Collected data
+++++

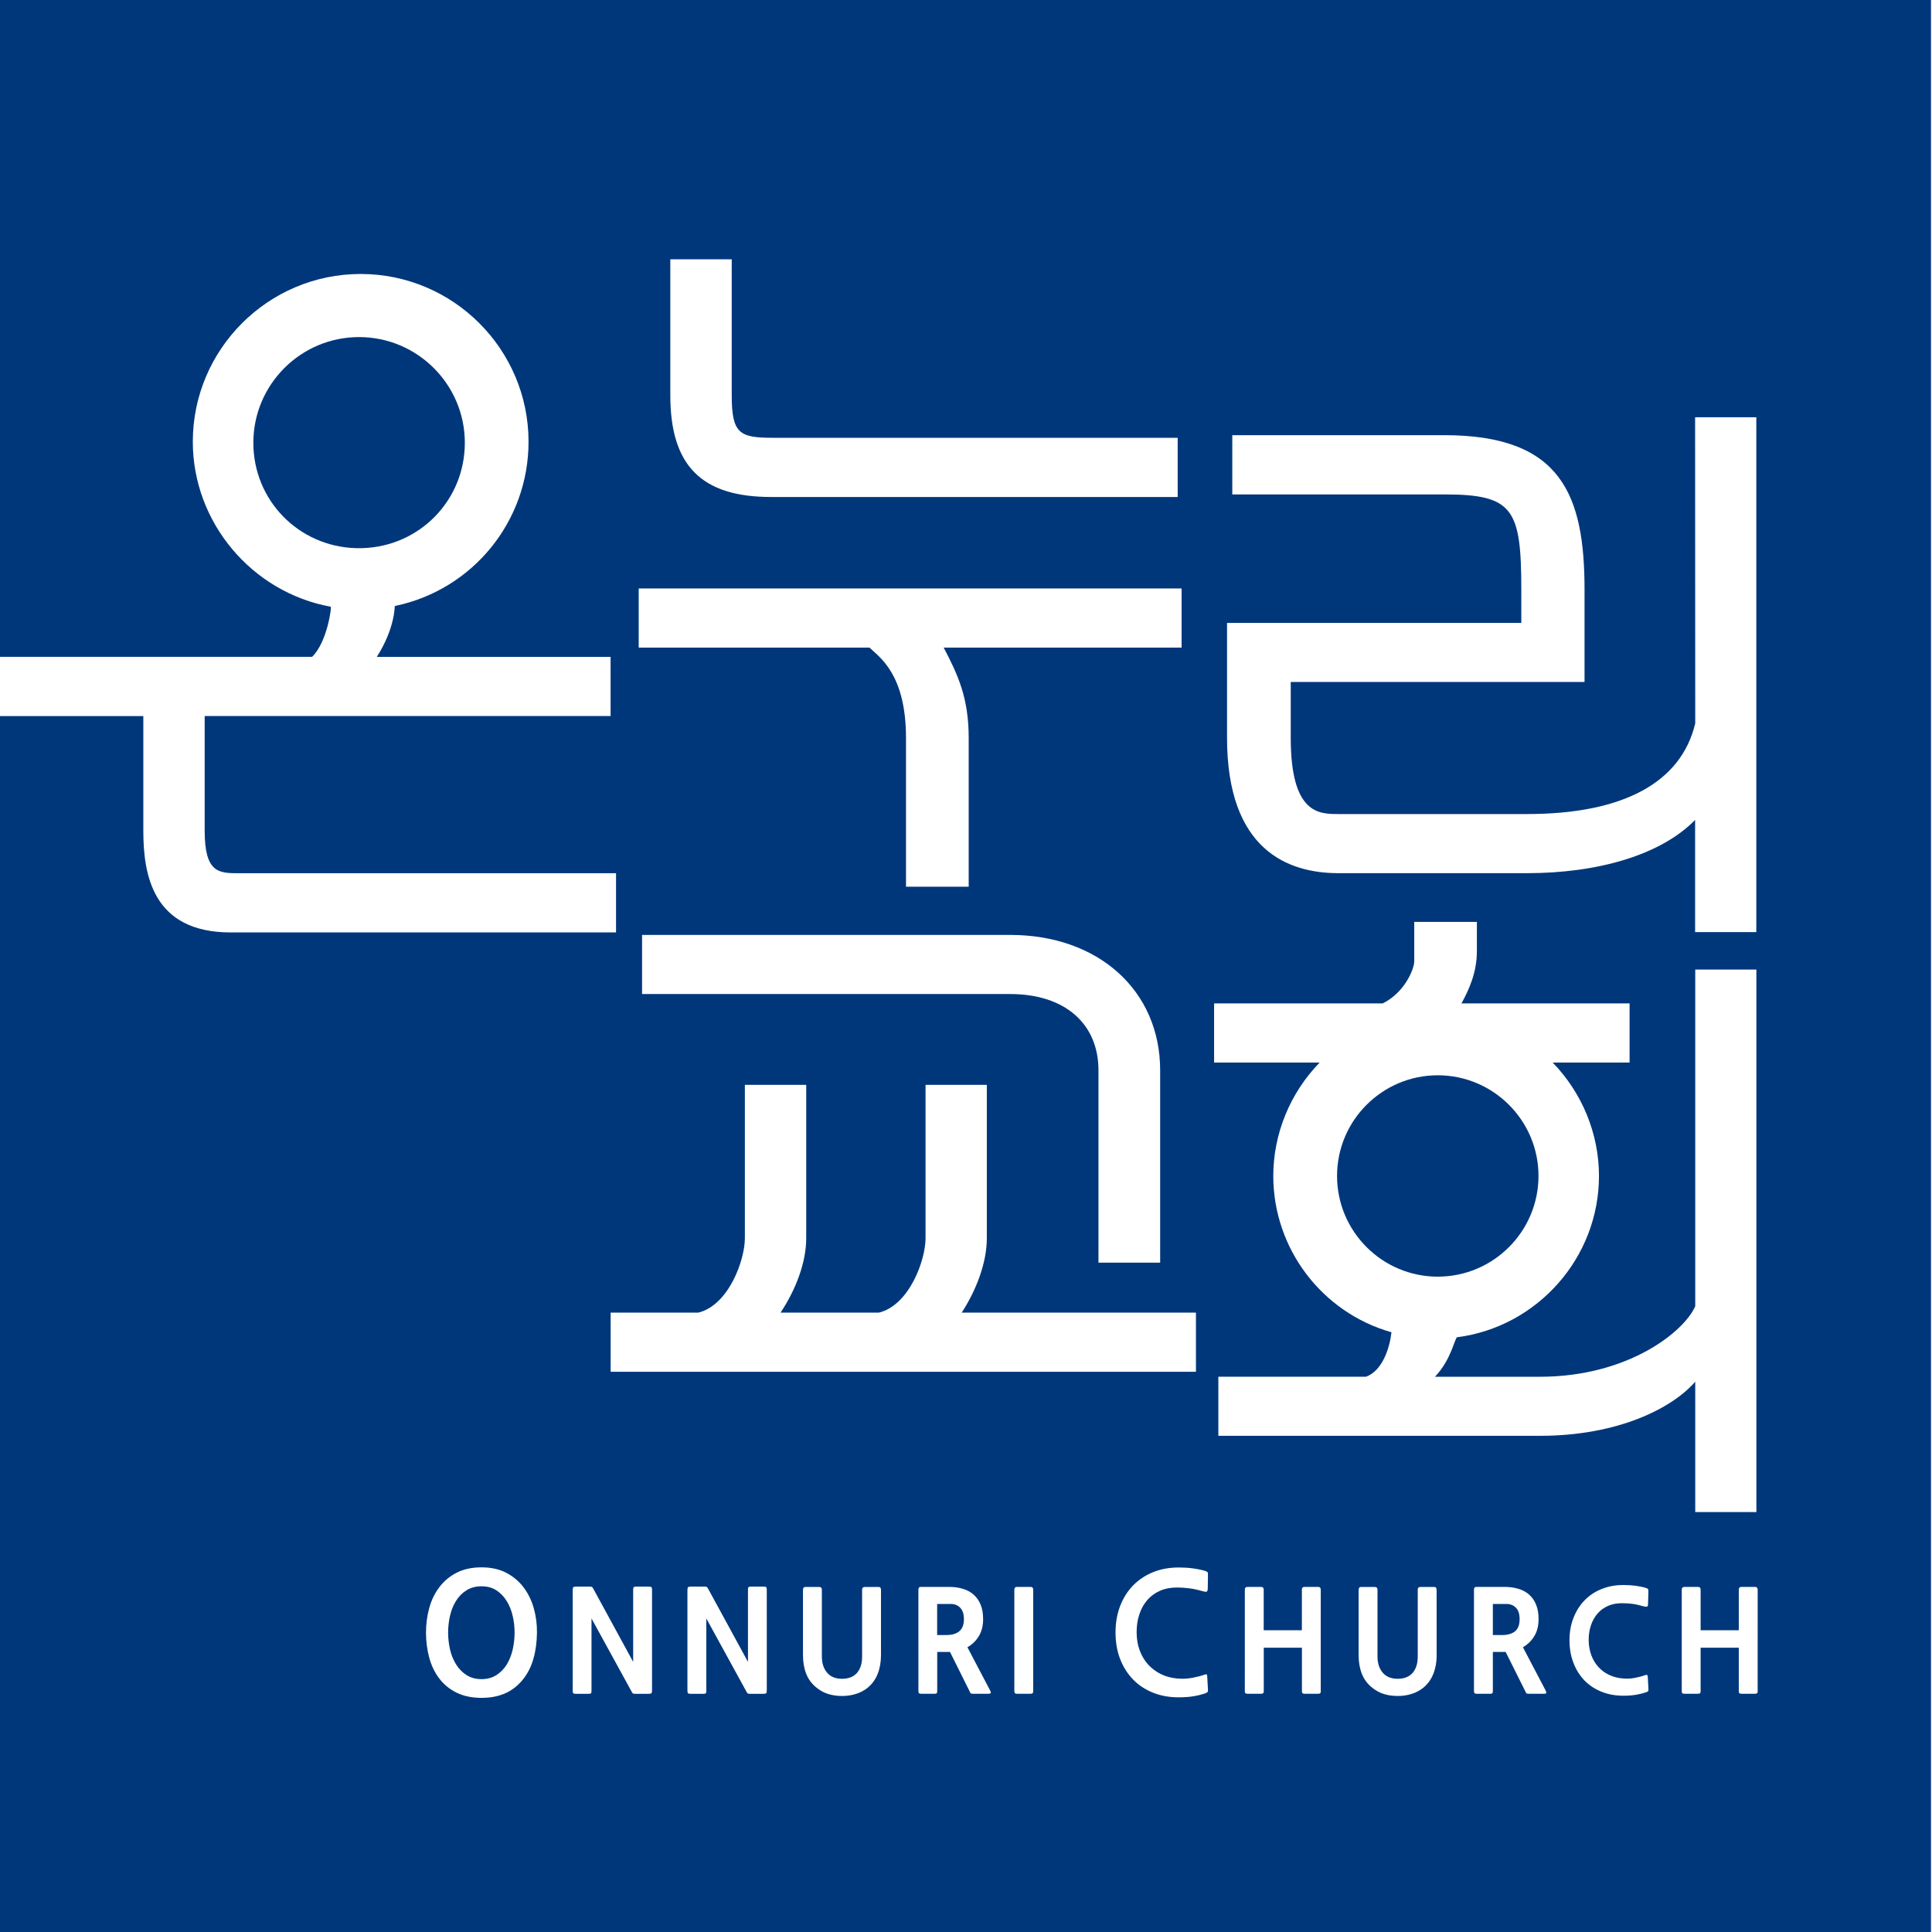 <?xml version="1.0" encoding="utf-8"?>
<!-- Generator: Adobe Illustrator 25.1.0, SVG Export Plug-In . SVG Version: 6.00 Build 0)  -->
<svg version="1.1" id="Layer_1_copy" xmlns="http://www.w3.org/2000/svg" xmlns:xlink="http://www.w3.org/1999/xlink" x="0px"
	 y="0px" viewBox="0 0 286.58 286.58" style="enable-background:new 0 0 286.58 286.58;" xml:space="preserve">
<style type="text/css">
	.st0{fill:#00377B;}
</style>
<g>
	<path class="st0" d="M223.46,237.92h-2.02v4.61h1.39c0.83,0,1.46-0.19,1.91-0.56c0.45-0.38,0.67-0.98,0.67-1.8
		c0-0.74-0.17-1.3-0.54-1.68C224.51,238.11,224.04,237.92,223.46,237.92z"/>
	<path class="st0" d="M141.04,237.92h-2.03v4.61h1.38c0.82,0,1.46-0.19,1.91-0.56c0.45-0.38,0.68-0.98,0.68-1.8
		c0-0.74-0.18-1.3-0.54-1.68C142.08,238.11,141.61,237.92,141.04,237.92z"/>
	<path class="st0" d="M75.16,237.49c-0.4-0.65-0.91-1.18-1.51-1.58c-0.62-0.41-1.36-0.61-2.22-0.61c-0.86,0-1.6,0.2-2.23,0.59
		c-0.62,0.39-1.14,0.9-1.54,1.55c-0.41,0.64-0.71,1.38-0.9,2.2c-0.19,0.82-0.29,1.66-0.29,2.52c0,0.87,0.1,1.71,0.29,2.53
		c0.19,0.82,0.49,1.56,0.9,2.21c0.4,0.64,0.92,1.17,1.54,1.57c0.63,0.4,1.37,0.6,2.23,0.6c0.85,0,1.58-0.2,2.21-0.6
		c0.62-0.4,1.13-0.93,1.53-1.57c0.39-0.65,0.69-1.38,0.88-2.22c0.19-0.82,0.28-1.66,0.28-2.51c0-0.83-0.09-1.66-0.28-2.48
		C75.86,238.87,75.56,238.13,75.16,237.49z"/>
	<path class="st0" d="M68.95,65.68c0-8.65-7.04-15.68-15.69-15.68c-8.65,0-15.68,7.03-15.68,15.68c0,8.51,6.68,15.38,15.21,15.63
		h0.96C62.27,81.05,68.95,74.19,68.95,65.68z"/>
	<path class="st0" d="M-0.15,0v97.43H46.3c2.26-2.22,2.9-7.41,2.77-7.43C37.35,87.87,28.6,77.48,28.6,65.53
		c0-13.72,11.18-24.89,24.9-24.89c13.73,0,24.9,11.17,24.9,24.89c0,11.8-8.25,21.91-19.73,24.34c-0.15,0.03,0.04,0.03-0.12,0.06
		c0,0,0.04,3.29-2.66,7.51h34.68v8.77H30.36v17c0,6.32,2.11,6.32,5.16,6.32h55.86v8.78H34.21c-11.61,0-12.95-8.62-12.95-15.09v-17
		H-0.15v180.38h286.58V0H-0.15z M182.01,92.4h43.65v-4.89c0-12.05-1.2-14.17-11.43-14.17h-31.44v-8.79h31.44
		c17.33,0,20.81,8.79,20.81,22.95v13.66h-43.58v8.27c0,11.32,4.18,11.32,7.07,11.32h27.98c14.23,0,22.86-4.65,24.95-13.45
		l-0.02-45.41h9.08v76.37h-9.08v-16.64c-5.05,5.18-14.36,7.9-24.93,7.9h-27.98c-7.54,0-16.52-3.48-16.52-20.09V92.4z M99.43,38.46
		h9.11v20.17c0,5.73,1.17,6.31,6.17,6.31h59.98v8.78h-60.31c-10.34,0-14.95-4.66-14.95-15.09V38.46z M94.74,87.29h80.53v8.77h-35.29
		c2.11,4.04,3.71,7.43,3.71,13.42v22.05h-9.3v-22.05c0-9.49-3.92-11.98-5.42-13.42H94.74V87.29z M149.84,147.45H95.24v-8.77h54.61
		c13.09,0,22.24,8.26,22.24,20.09v28.52h-9.15v-28.52C162.94,151.89,158.01,147.45,149.84,147.45z M90.58,194.71h12.98
		c4.51-1.08,6.93-7.77,6.93-11.05v-22.74h9.1v22.74c0,3.7-1.62,7.77-3.81,11.05h14.57c4.52-1.08,6.94-7.77,6.94-11.05v-22.74h9.09
		v22.74c0,3.68-1.59,7.76-3.73,11.05h34.75v8.77H90.58V194.71z M79.13,246.02c-0.32,1.15-0.83,2.17-1.52,3.05
		c-0.76,0.95-1.65,1.66-2.68,2.11c-1.03,0.45-2.2,0.67-3.51,0.67c-1.44,0-2.69-0.27-3.73-0.79c-1.04-0.52-1.89-1.23-2.56-2.12
		c-0.67-0.89-1.16-1.93-1.47-3.09c-0.31-1.17-0.47-2.4-0.47-3.69c0-1.25,0.16-2.46,0.48-3.63c0.32-1.17,0.82-2.2,1.5-3.1
		c0.67-0.89,1.53-1.61,2.56-2.14c1.03-0.53,2.27-0.8,3.69-0.8c1.42,0,2.65,0.27,3.68,0.81c1.03,0.54,1.88,1.26,2.56,2.15
		c0.68,0.9,1.18,1.93,1.51,3.08c0.33,1.16,0.49,2.37,0.48,3.62C79.63,243.58,79.46,244.87,79.13,246.02z M96.72,250.67
		c0,0.26-0.03,0.42-0.08,0.49c-0.06,0.05-0.21,0.09-0.46,0.09h-1.95c-0.17,0-0.28-0.02-0.34-0.05c-0.06-0.03-0.13-0.13-0.2-0.28
		l-5.95-10.85v10.68c0,0.22-0.02,0.36-0.06,0.41c-0.04,0.06-0.17,0.09-0.39,0.09h-1.87c-0.21,0-0.33-0.03-0.39-0.09
		c-0.05-0.05-0.08-0.19-0.08-0.41v-14.84c0-0.23,0.02-0.38,0.07-0.45c0.05-0.08,0.2-0.11,0.44-0.11h2.04c0.16,0,0.27,0.02,0.33,0.06
		c0.05,0.05,0.13,0.16,0.22,0.33l5.87,10.77v-10.67c0-0.21,0.03-0.34,0.07-0.4c0.05-0.06,0.17-0.09,0.38-0.09h1.86
		c0.24,0,0.39,0.03,0.43,0.11c0.04,0.07,0.06,0.2,0.06,0.39V250.67z M113.74,250.67c0,0.26-0.03,0.42-0.08,0.49
		c-0.06,0.05-0.21,0.09-0.45,0.09h-1.96c-0.17,0-0.28-0.02-0.33-0.05c-0.05-0.03-0.13-0.13-0.2-0.28l-5.95-10.85v10.68
		c0,0.22-0.02,0.36-0.06,0.41c-0.04,0.06-0.17,0.09-0.4,0.09h-1.87c-0.21,0-0.34-0.03-0.39-0.09c-0.05-0.05-0.08-0.19-0.08-0.41
		v-14.84c0-0.23,0.03-0.38,0.07-0.45c0.05-0.08,0.2-0.11,0.45-0.11h2.04c0.17,0,0.27,0.02,0.33,0.06c0.05,0.05,0.13,0.16,0.22,0.33
		l5.87,10.77v-10.67c0-0.21,0.02-0.34,0.07-0.4c0.05-0.06,0.17-0.09,0.38-0.09h1.85c0.25,0,0.39,0.03,0.43,0.11
		c0.04,0.07,0.06,0.2,0.06,0.39V250.67z M130.68,245.5c0,1.03-0.16,1.96-0.49,2.79c-0.33,0.83-0.83,1.52-1.5,2.07
		c-0.52,0.41-1.11,0.72-1.74,0.91c-0.64,0.2-1.32,0.3-2.05,0.3c-0.74,0-1.42-0.1-2.04-0.29c-0.62-0.19-1.19-0.5-1.71-0.92
		c-0.71-0.56-1.23-1.25-1.56-2.07c-0.32-0.82-0.48-1.75-0.48-2.79v-9.65c0-0.12,0.02-0.22,0.07-0.32c0.05-0.09,0.16-0.13,0.34-0.13
		h1.98c0.28,0,0.41,0.14,0.41,0.41v9.91c0,1,0.26,1.8,0.78,2.4c0.51,0.6,1.25,0.9,2.21,0.9c0.97,0,1.71-0.29,2.22-0.87
		c0.51-0.59,0.76-1.39,0.76-2.43v-9.91c0-0.27,0.14-0.41,0.41-0.41h1.98c0.18,0,0.3,0.04,0.34,0.13c0.05,0.1,0.07,0.2,0.07,0.32
		V245.5z M146.59,251.24h-2.26c-0.17,0-0.27-0.02-0.32-0.05c-0.05-0.03-0.1-0.13-0.17-0.28l-2.92-5.87h-1.9v5.77
		c0,0.19-0.02,0.31-0.08,0.36c-0.06,0.05-0.16,0.07-0.31,0.07h-1.99c-0.14,0-0.24-0.02-0.31-0.07c-0.07-0.05-0.1-0.17-0.1-0.36
		V235.8c0-0.16,0.04-0.27,0.11-0.33c0.08-0.06,0.17-0.08,0.28-0.08h4.14c0.77,0,1.47,0.1,2.09,0.29c0.62,0.19,1.16,0.48,1.6,0.88
		c0.44,0.4,0.78,0.89,1.02,1.49c0.24,0.6,0.36,1.31,0.36,2.13c0,0.99-0.22,1.83-0.64,2.52c-0.42,0.7-0.99,1.24-1.69,1.64l3.34,6.36
		c0.11,0.21,0.15,0.35,0.13,0.42C146.92,251.21,146.8,251.24,146.59,251.24z M153.26,250.83c0,0.16-0.03,0.27-0.09,0.33
		c-0.06,0.06-0.17,0.08-0.32,0.08h-1.98c-0.14,0-0.26-0.02-0.31-0.08c-0.06-0.05-0.1-0.16-0.1-0.33V235.8
		c0-0.27,0.14-0.41,0.41-0.41h1.98c0.28,0,0.41,0.14,0.41,0.41V250.83z M169.05,244.8c0.3,0.8,0.71,1.5,1.24,2.09
		c0.53,0.58,1.16,1.06,1.88,1.42c0.72,0.36,1.52,0.58,2.38,0.66c0.8,0.08,1.56,0.05,2.29-0.09c0.73-0.14,1.33-0.29,1.79-0.46
		c0.21-0.08,0.34-0.1,0.38-0.03c0.05,0.08,0.06,0.21,0.06,0.21l0.11,2.04c0.02,0.17,0,0.29-0.07,0.36
		c-0.07,0.06-0.19,0.12-0.36,0.19c-0.47,0.16-1.02,0.3-1.66,0.41c-0.64,0.11-1.39,0.17-2.26,0.17c-1.38,0-2.66-0.23-3.8-0.69
		c-1.15-0.46-2.14-1.11-2.96-1.96c-0.82-0.84-1.46-1.86-1.92-3.04c-0.46-1.18-0.68-2.5-0.68-3.95c0-1.41,0.23-2.72,0.68-3.9
		c0.46-1.19,1.1-2.2,1.92-3.05c0.82-0.84,1.8-1.5,2.96-1.97c1.15-0.47,2.42-0.7,3.8-0.7c0.73,0,1.43,0.04,2.11,0.13
		c0.67,0.09,1.3,0.22,1.88,0.4c0.23,0.09,0.34,0.18,0.35,0.29c0.01,0.11,0.01,0.25,0.01,0.41l-0.03,1.96c0,0.11-0.05,0.33-0.14,0.38
		c-0.09,0.07-0.31,0.03-0.61-0.05c-0.75-0.22-1.41-0.36-2-0.43c-0.59-0.08-1.2-0.12-1.83-0.12c-0.93,0-1.77,0.16-2.51,0.49
		c-0.74,0.32-1.36,0.78-1.88,1.37c-0.51,0.59-0.9,1.29-1.17,2.1c-0.28,0.81-0.41,1.71-0.41,2.69
		C168.61,243.11,168.75,244,169.05,244.8z M188.87,174.43c0-6.24,2.49-12.31,6.88-16.82h-15.66v-8.77h25.01
		c3.28-1.62,4.68-5.12,4.68-6.25v-5.84h9.29v4.36c0,3.09-1.14,5.66-2.29,7.73h24.94v8.77h-11.41c4.38,4.51,6.87,10.58,6.87,16.82
		c0,12.13-9.13,22.39-21.04,23.93c-0.34,0.04-0.84,3.3-3.29,5.86h15.56c13.18,0,21.47-6.77,23.05-10.47v-49.93h9.07v80.47h-9.07
		v-19.34c-3.42,3.94-11.45,8.03-23.05,8.03h-47.69v-8.77h21.92c2.49-0.92,3.52-4.41,3.76-6.59
		C196.07,194.69,188.87,185.2,188.87,174.43z M195.92,250.83c0,0.16-0.03,0.27-0.09,0.33c-0.07,0.06-0.17,0.08-0.32,0.08h-1.98
		c-0.15,0-0.26-0.02-0.32-0.08c-0.07-0.05-0.09-0.16-0.09-0.33v-6.42h-5.66v6.42c0,0.16-0.03,0.27-0.1,0.33
		c-0.06,0.06-0.17,0.08-0.32,0.08h-1.98c-0.15,0-0.26-0.02-0.32-0.08c-0.07-0.05-0.09-0.16-0.09-0.33V235.8
		c0-0.27,0.14-0.41,0.41-0.41h1.98c0.28,0,0.41,0.14,0.41,0.41v6.02h5.66v-6.02c0-0.27,0.13-0.41,0.41-0.41h1.98
		c0.27,0,0.41,0.14,0.41,0.41V250.83z M213.11,245.5c0,1.03-0.17,1.96-0.5,2.79c-0.33,0.83-0.83,1.52-1.5,2.07
		c-0.53,0.41-1.1,0.72-1.74,0.91c-0.64,0.2-1.32,0.3-2.05,0.3c-0.74,0-1.42-0.1-2.04-0.29c-0.62-0.19-1.19-0.5-1.71-0.92
		c-0.72-0.56-1.23-1.25-1.56-2.07c-0.32-0.82-0.48-1.75-0.48-2.79v-9.65c0-0.12,0.03-0.22,0.07-0.32c0.05-0.09,0.17-0.13,0.34-0.13
		h1.97c0.28,0,0.42,0.14,0.42,0.41v9.91c0,1,0.26,1.8,0.78,2.4c0.51,0.6,1.25,0.9,2.21,0.9c0.97,0,1.71-0.29,2.22-0.87
		c0.5-0.59,0.76-1.39,0.76-2.43v-9.91c0-0.27,0.13-0.41,0.41-0.41h1.98c0.17,0,0.29,0.04,0.34,0.13c0.04,0.1,0.07,0.2,0.07,0.32
		V245.5z M229.02,251.24h-2.26c-0.16,0-0.27-0.02-0.32-0.05c-0.05-0.03-0.11-0.13-0.17-0.28l-2.93-5.87h-1.9v5.77
		c0,0.19-0.02,0.31-0.08,0.36c-0.06,0.05-0.16,0.07-0.31,0.07h-2c-0.14,0-0.24-0.02-0.31-0.07c-0.07-0.05-0.1-0.17-0.1-0.36V235.8
		c0-0.16,0.03-0.27,0.11-0.33c0.07-0.06,0.17-0.08,0.27-0.08h4.14c0.77,0,1.46,0.1,2.09,0.29c0.63,0.19,1.16,0.48,1.6,0.88
		c0.44,0.4,0.78,0.89,1.01,1.49c0.25,0.6,0.36,1.31,0.36,2.13c0,0.99-0.21,1.83-0.64,2.52c-0.42,0.7-0.99,1.24-1.68,1.64l3.34,6.36
		c0.11,0.21,0.14,0.35,0.12,0.42C229.35,251.21,229.23,251.24,229.02,251.24z M236.04,245.51c0.25,0.67,0.59,1.24,1.03,1.73
		c0.43,0.49,0.96,0.88,1.55,1.17c0.6,0.29,1.25,0.48,1.97,0.55c0.66,0.07,1.29,0.05,1.89-0.07c0.61-0.12,1.1-0.24,1.48-0.39
		c0.19-0.06,0.3-0.08,0.35-0.05c0.06,0.04,0.1,0.13,0.11,0.26l0.1,1.86c0.01,0.15-0.01,0.25-0.07,0.3
		c-0.05,0.06-0.16,0.12-0.31,0.16c-0.4,0.14-0.87,0.26-1.41,0.35c-0.54,0.1-1.18,0.15-1.92,0.15c-1.19,0-2.26-0.19-3.25-0.59
		c-0.98-0.39-1.82-0.95-2.52-1.66c-0.7-0.73-1.25-1.59-1.64-2.61c-0.39-1-0.59-2.12-0.59-3.36c0-1.21,0.19-2.32,0.59-3.32
		c0.39-1.02,0.94-1.88,1.64-2.6c0.7-0.72,1.54-1.29,2.52-1.68c0.98-0.4,2.06-0.6,3.25-0.6c0.61,0,1.21,0.04,1.79,0.11
		c0.58,0.08,1.11,0.19,1.6,0.34c0.19,0.07,0.29,0.15,0.3,0.25c0.01,0.1,0.01,0.21,0.01,0.35l-0.05,1.77c0,0.23-0.05,0.37-0.17,0.39
		c-0.1,0.03-0.29,0-0.53-0.06c-0.62-0.18-1.16-0.3-1.66-0.36c-0.48-0.06-0.99-0.09-1.51-0.09c-0.77,0-1.46,0.13-2.07,0.4
		c-0.61,0.27-1.13,0.65-1.55,1.13c-0.42,0.49-0.75,1.07-0.98,1.74c-0.22,0.67-0.34,1.41-0.34,2.22
		C235.67,244.12,235.8,244.85,236.04,245.51z M260.73,250.83c0,0.16-0.03,0.27-0.1,0.33c-0.06,0.06-0.17,0.08-0.32,0.08h-1.98
		c-0.15,0-0.26-0.02-0.32-0.08c-0.06-0.05-0.09-0.16-0.09-0.33v-6.42h-5.66v6.42c0,0.16-0.03,0.27-0.09,0.33
		c-0.06,0.06-0.17,0.08-0.32,0.08h-1.98c-0.15,0-0.26-0.02-0.32-0.08c-0.07-0.05-0.09-0.16-0.09-0.33V235.8
		c0-0.27,0.14-0.41,0.41-0.41h1.98c0.28,0,0.41,0.14,0.41,0.41v6.02h5.66v-6.02c0-0.27,0.14-0.41,0.41-0.41h1.98
		c0.27,0,0.41,0.14,0.41,0.41V250.83z"/>
	<path class="st0" d="M228.21,174.43c0-8.23-6.71-14.93-14.94-14.93c-8.24,0-14.94,6.7-14.94,14.93c0,8.24,6.7,14.94,14.94,14.94
		C221.51,189.37,228.21,182.67,228.21,174.43z"/>
</g>
</svg>

+++++

Check how many lines in the entries contain "style", and reply with that number alone.

3